While the Turkish fleet and the castle of Modon were celebrating, with incessant discharges of artillery, their late victory over the giaours, the greatest consternation spread itself among the soldiers of the garrison. They now began to reflect on what had been so often repeated to them, that their own safety was linked to the preservation of the island; and the sight of their imminent danger inspired them with as much pusillanimity, as they had formerly displayed contemptuous security.
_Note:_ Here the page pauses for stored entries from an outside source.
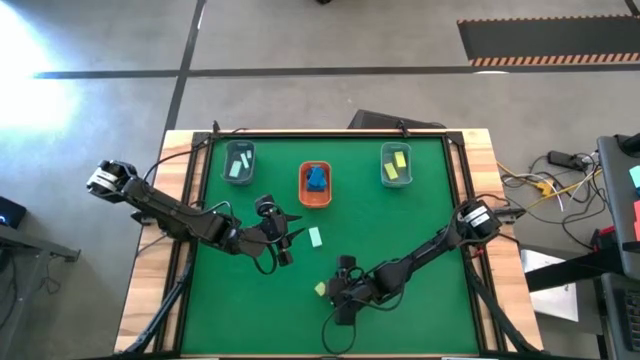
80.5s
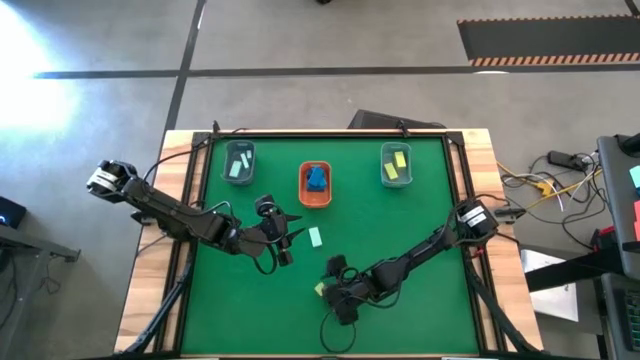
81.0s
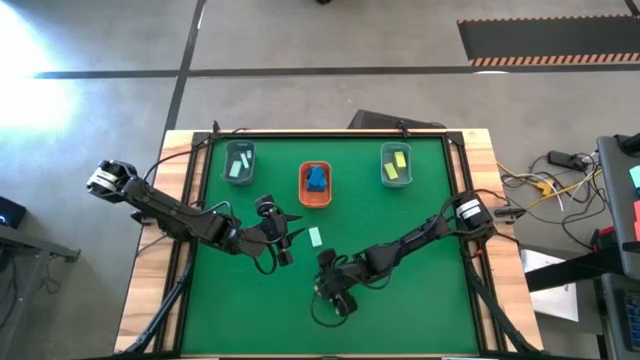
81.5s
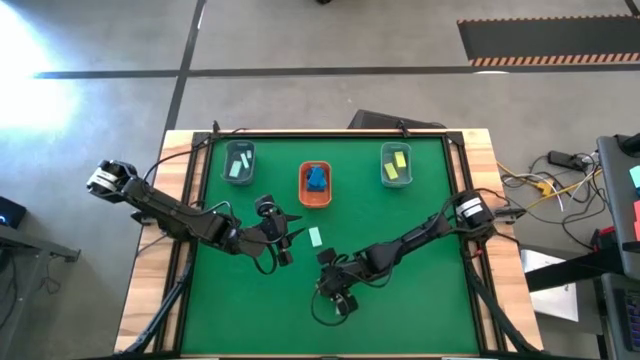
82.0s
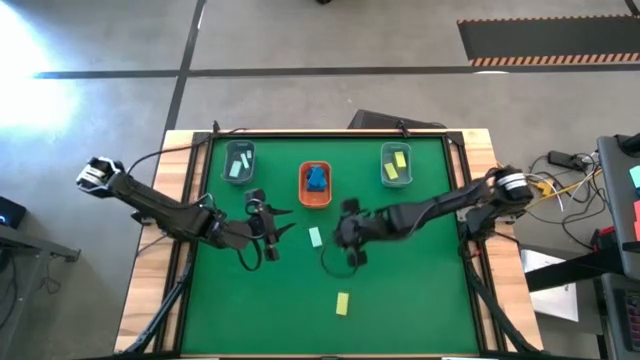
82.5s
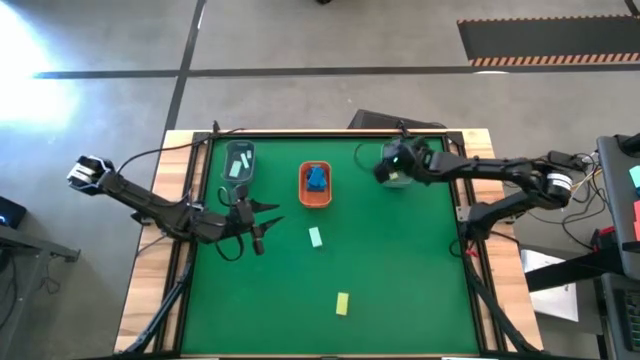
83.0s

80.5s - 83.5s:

The Greeks at Old Navarino were in a predicament still more alarming; the departure of Tsamado’s ship having left them entirely bereft of provisions and ammunitions. No alternative remained now for them, between surrendering and forcing their way across the enemy’s ranks. They adopted the last resolution, and on the night of the 8th, they sought to execute their design; but found all the passes so well occupied by the Egyptians, and so heavy a fire opened upon them from all sides, that, with the exception of a few, they all returned to their former position. Chagi Cristo, the bishop of Modon, and several others, were then taken prisoners. The next day, Ibrahim sent a flag of truce to the Greeks, who had now intrenched themselves within the walls of the castle, that stands on the summit of the rock, in order to inform them, that he knew exactly from
the relation of his prisoners, the destitute nature of their position, and which must render all further resistance useless. It was in his power, he said, to allow them to die of hunger. To prove to them, however, that he had been sent by his father, not to destroy the rayas, but to induce them quietly to submit to his power, by convincing them of the temerity of attempting to withstand a force so much superior to theirs, he was willing to permit them to return to their homes after giving up their arms and baggage. Under the influence of the satisfaction with which his success inspired him, and the utter contempt he had imbibed of Greek courage, he disdainfully added, that, if they chose, they might again prepare to fight, since it would afford him sport for another day. He compared himself to those animals of prey, which, glutted with carnage, play with their victim before they kill it. The Greeks were happy to accept the pasha’s proposals; and he, true to his word, allowed them to depart, unmolested, after receiving their arms and money.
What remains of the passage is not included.